| What you need to do |
Retype the data below verbatim; pictures do not belong in the copy.

| Record set |
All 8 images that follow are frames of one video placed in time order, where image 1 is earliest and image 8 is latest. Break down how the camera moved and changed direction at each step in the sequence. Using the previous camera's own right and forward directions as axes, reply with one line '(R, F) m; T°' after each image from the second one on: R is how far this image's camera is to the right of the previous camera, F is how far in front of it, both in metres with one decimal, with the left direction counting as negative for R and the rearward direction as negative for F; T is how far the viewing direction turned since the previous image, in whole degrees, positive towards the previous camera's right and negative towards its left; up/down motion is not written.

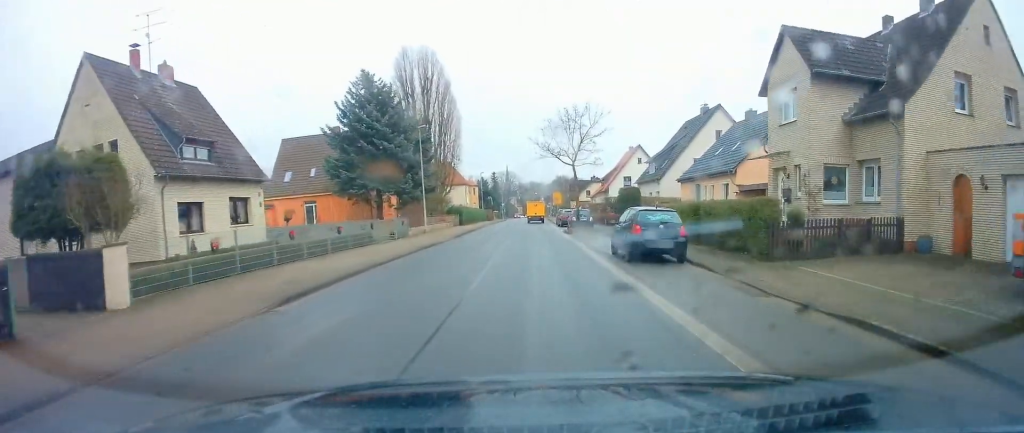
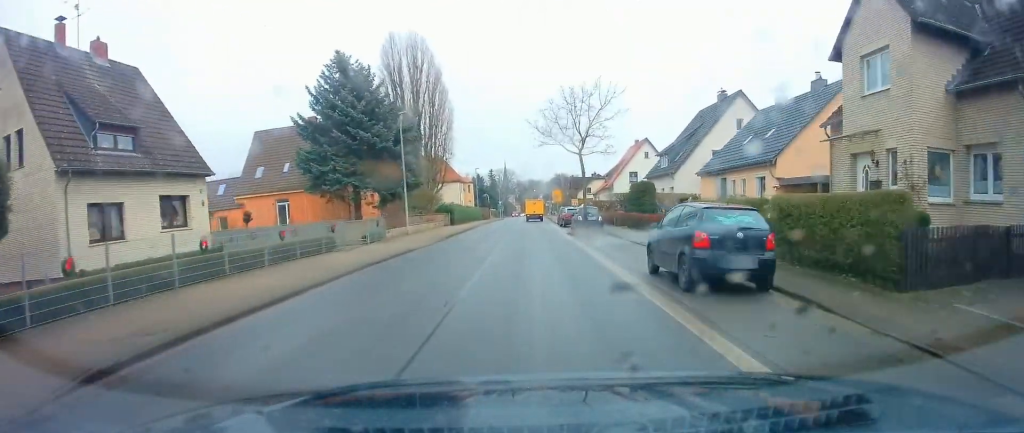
(-0.1, +5.8) m; 0°
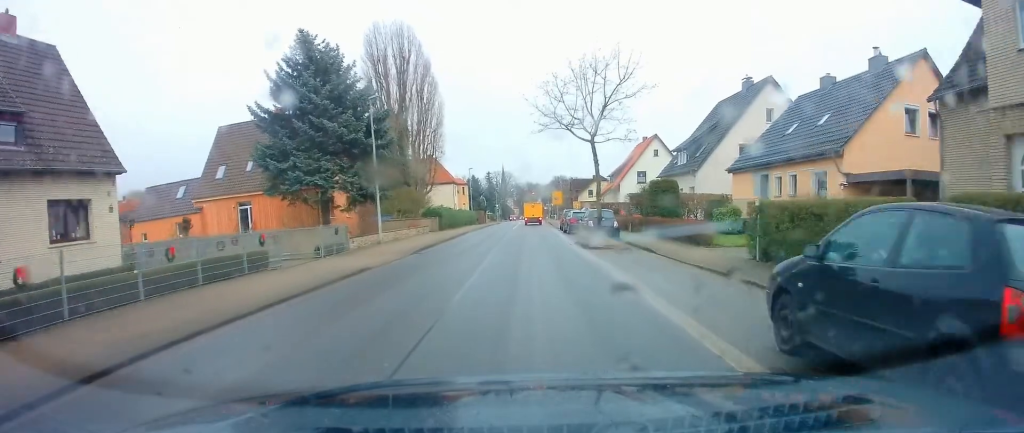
(0.0, +6.4) m; 0°
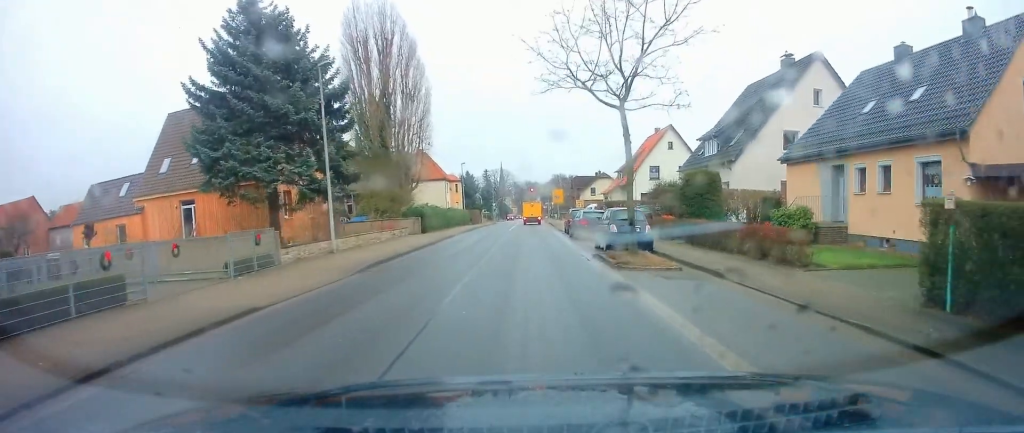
(+0.1, +7.4) m; 0°
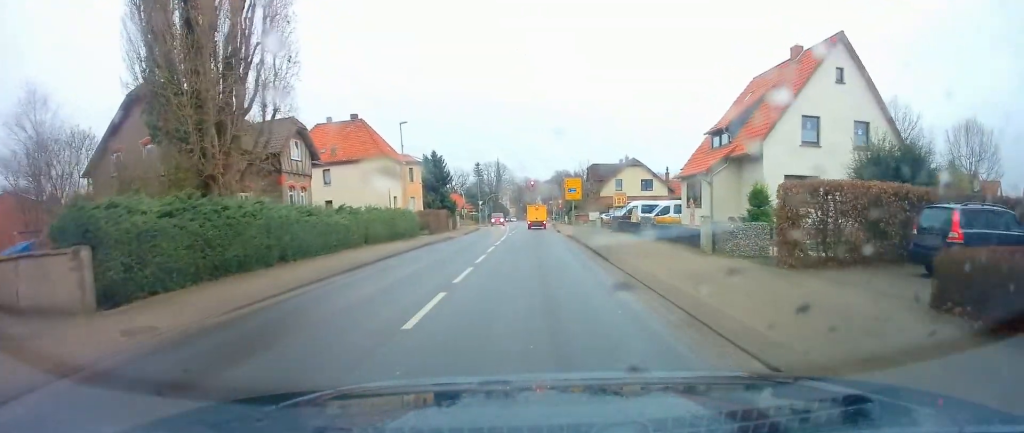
(-0.2, +33.7) m; +2°
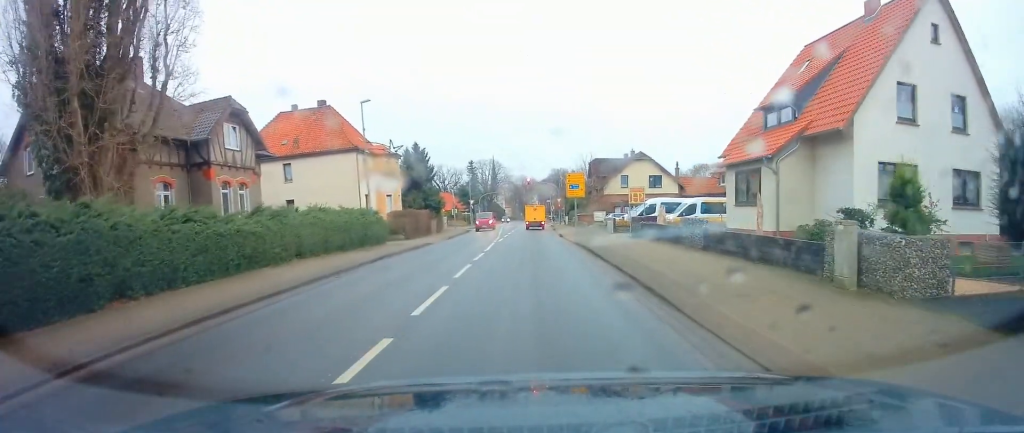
(+0.1, +8.0) m; +1°
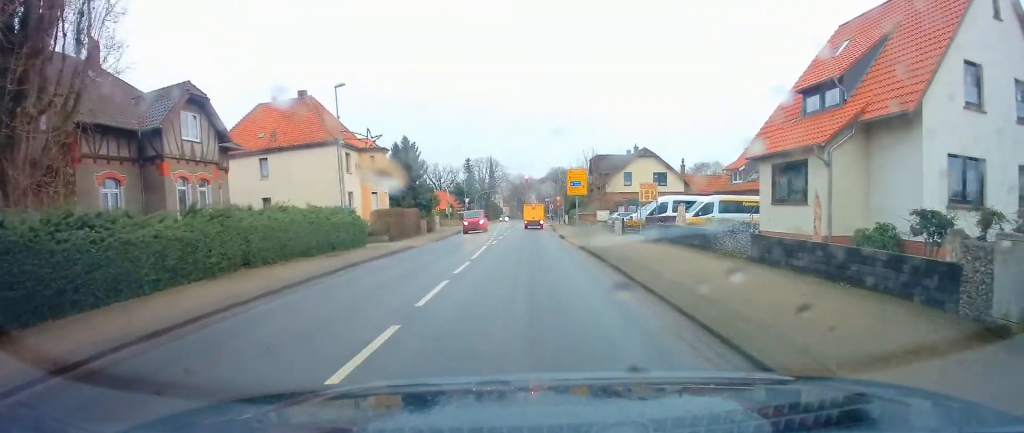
(0.0, +3.9) m; 0°
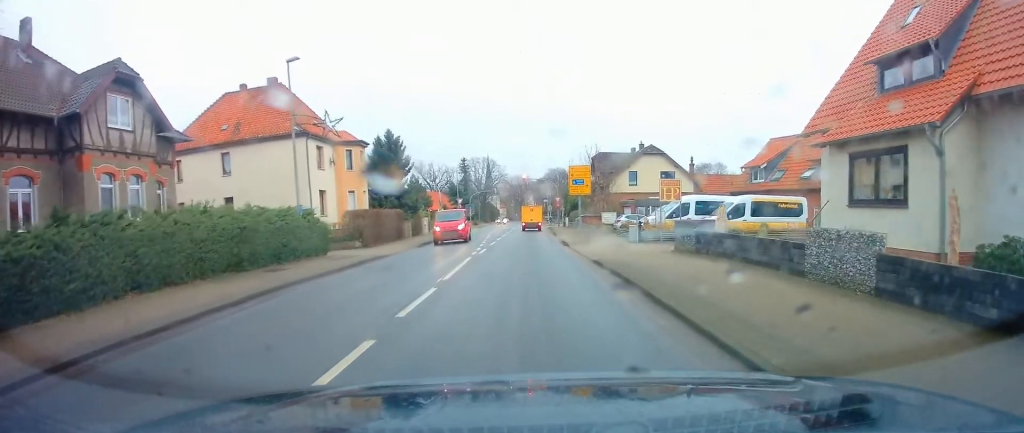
(0.0, +5.3) m; -2°
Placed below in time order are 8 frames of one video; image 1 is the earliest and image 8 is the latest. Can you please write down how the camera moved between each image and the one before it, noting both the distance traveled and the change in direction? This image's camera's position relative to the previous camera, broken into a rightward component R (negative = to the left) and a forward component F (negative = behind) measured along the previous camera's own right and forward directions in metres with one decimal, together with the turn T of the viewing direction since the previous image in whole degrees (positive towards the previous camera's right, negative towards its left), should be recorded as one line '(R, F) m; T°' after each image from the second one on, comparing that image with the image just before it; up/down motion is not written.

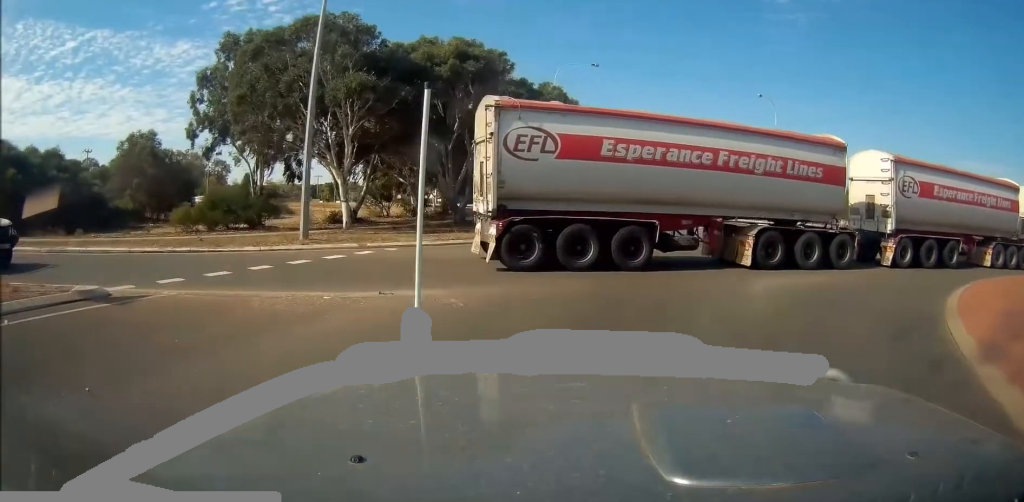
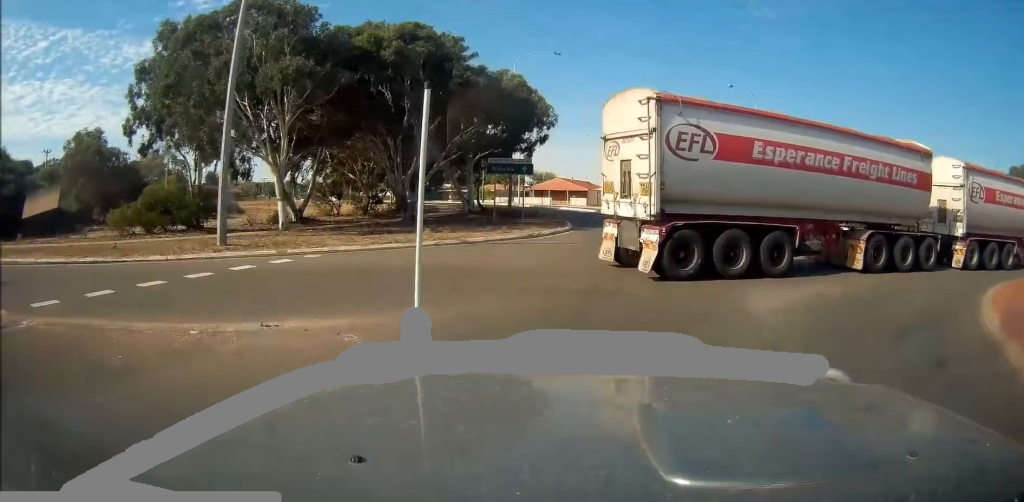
(0.0, +2.1) m; -3°
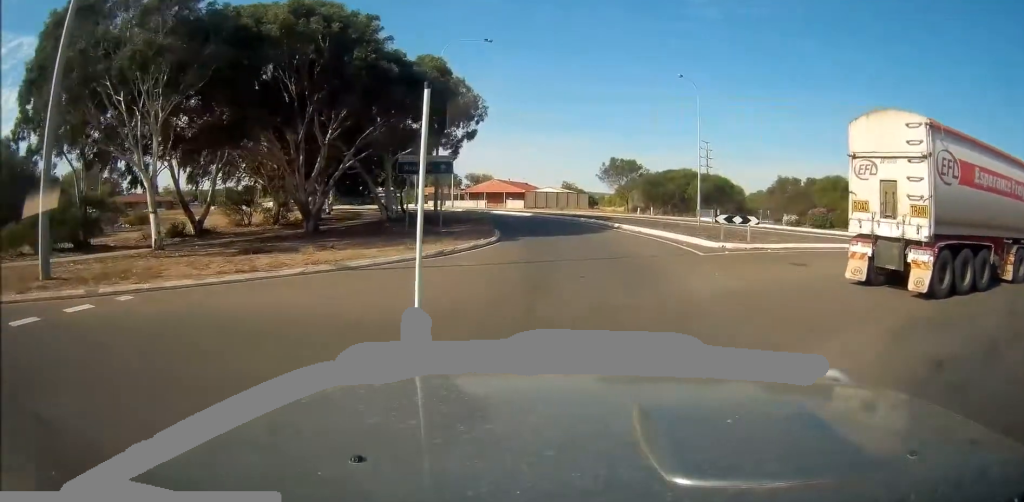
(-0.1, +4.9) m; +1°
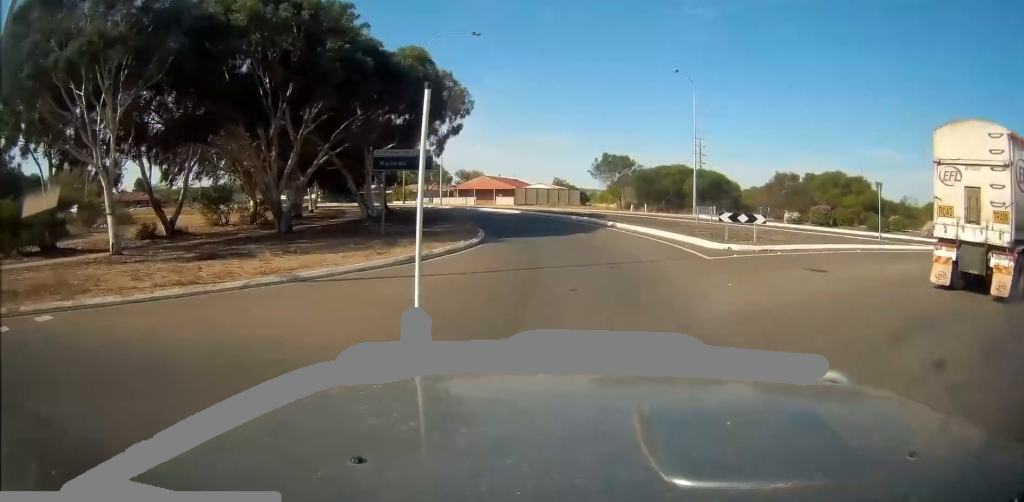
(+0.1, +1.9) m; -1°
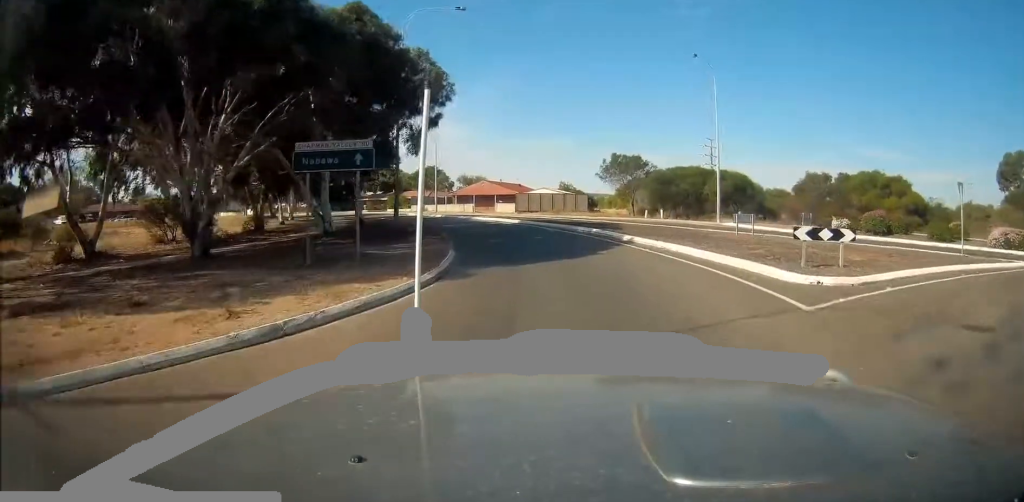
(-0.3, +6.7) m; -4°
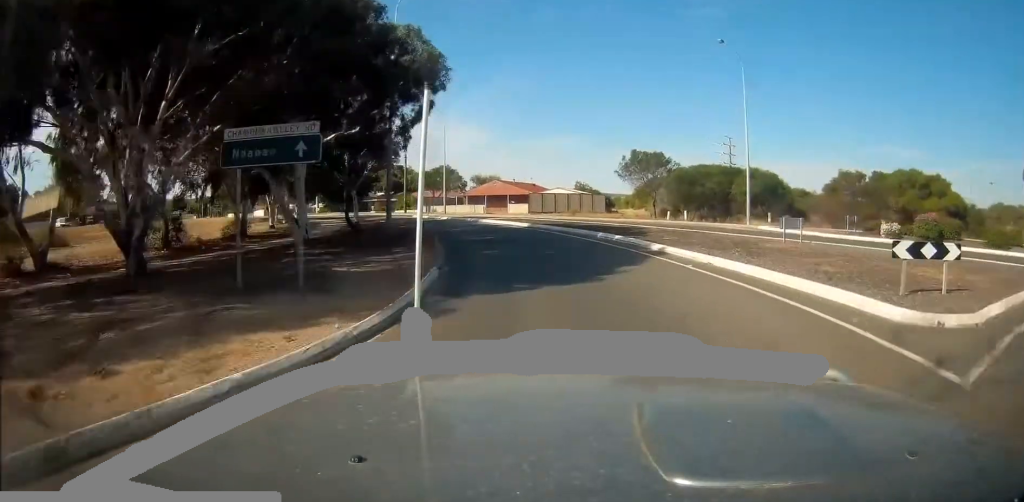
(-0.1, +3.9) m; -2°
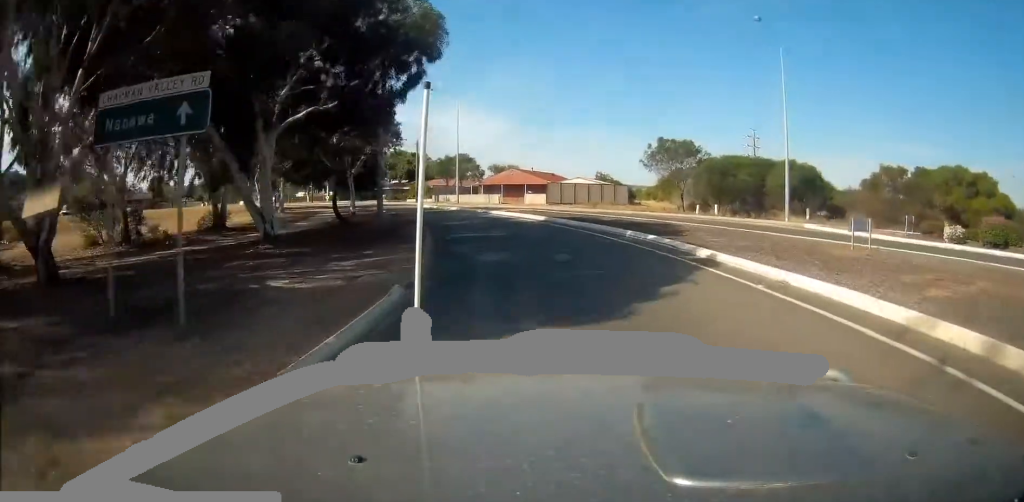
(+0.1, +4.0) m; -2°
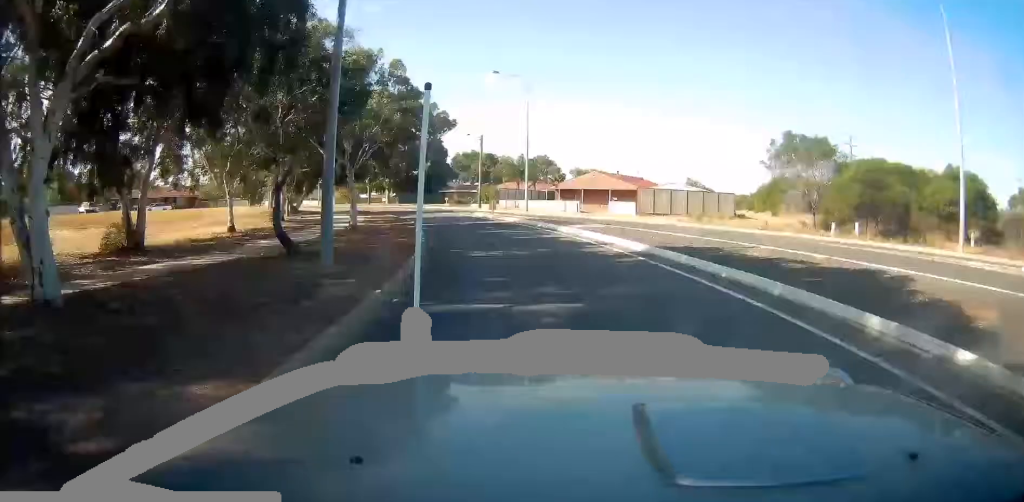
(-0.8, +12.5) m; -7°

| Task solution |
All 8 images that follow are frames of one video placed in time order, where image 1 is earliest and image 8 is latest. Break down how the camera moved and changed direction at each step in the sequence. Using the previous camera's own right and forward directions as axes, reply with one line '(R, F) m; T°' after each image from the second one on: R is how far this image's camera is to the right of the previous camera, F is how far in front of it, both in metres with one decimal, with the left direction counting as negative for R and the rearward direction as negative for F; T is how far the viewing direction turned since the previous image, in whole degrees, positive towards the previous camera's right and negative towards its left; up/down motion is not written.

(-0.1, +5.8) m; 0°
(0.0, +6.4) m; 0°
(+0.1, +7.4) m; 0°
(-0.2, +33.7) m; +2°
(+0.1, +8.0) m; +1°
(0.0, +3.9) m; 0°
(0.0, +5.3) m; -2°
Placed below in time order are 8 frames of one video; image 1 is the earliest and image 8 is the latest. Can you please write down how the camera moved between each image and the one before it, noting both the distance traveled and the change in direction? This image's camera's position relative to the previous camera, broken into a rightward component R (negative = to the left) and a forward component F (negative = behind) measured along the previous camera's own right and forward directions in metres with one decimal, together with the turn T of the viewing direction since the previous image in whole degrees (positive towards the previous camera's right, negative towards its left), should be recorded as one line '(R, F) m; T°' after each image from the second one on, comparing that image with the image just before it; up/down motion is not written.

(0.0, +2.1) m; -3°
(-0.1, +4.9) m; +1°
(+0.1, +1.9) m; -1°
(-0.3, +6.7) m; -4°
(-0.1, +3.9) m; -2°
(+0.1, +4.0) m; -2°
(-0.8, +12.5) m; -7°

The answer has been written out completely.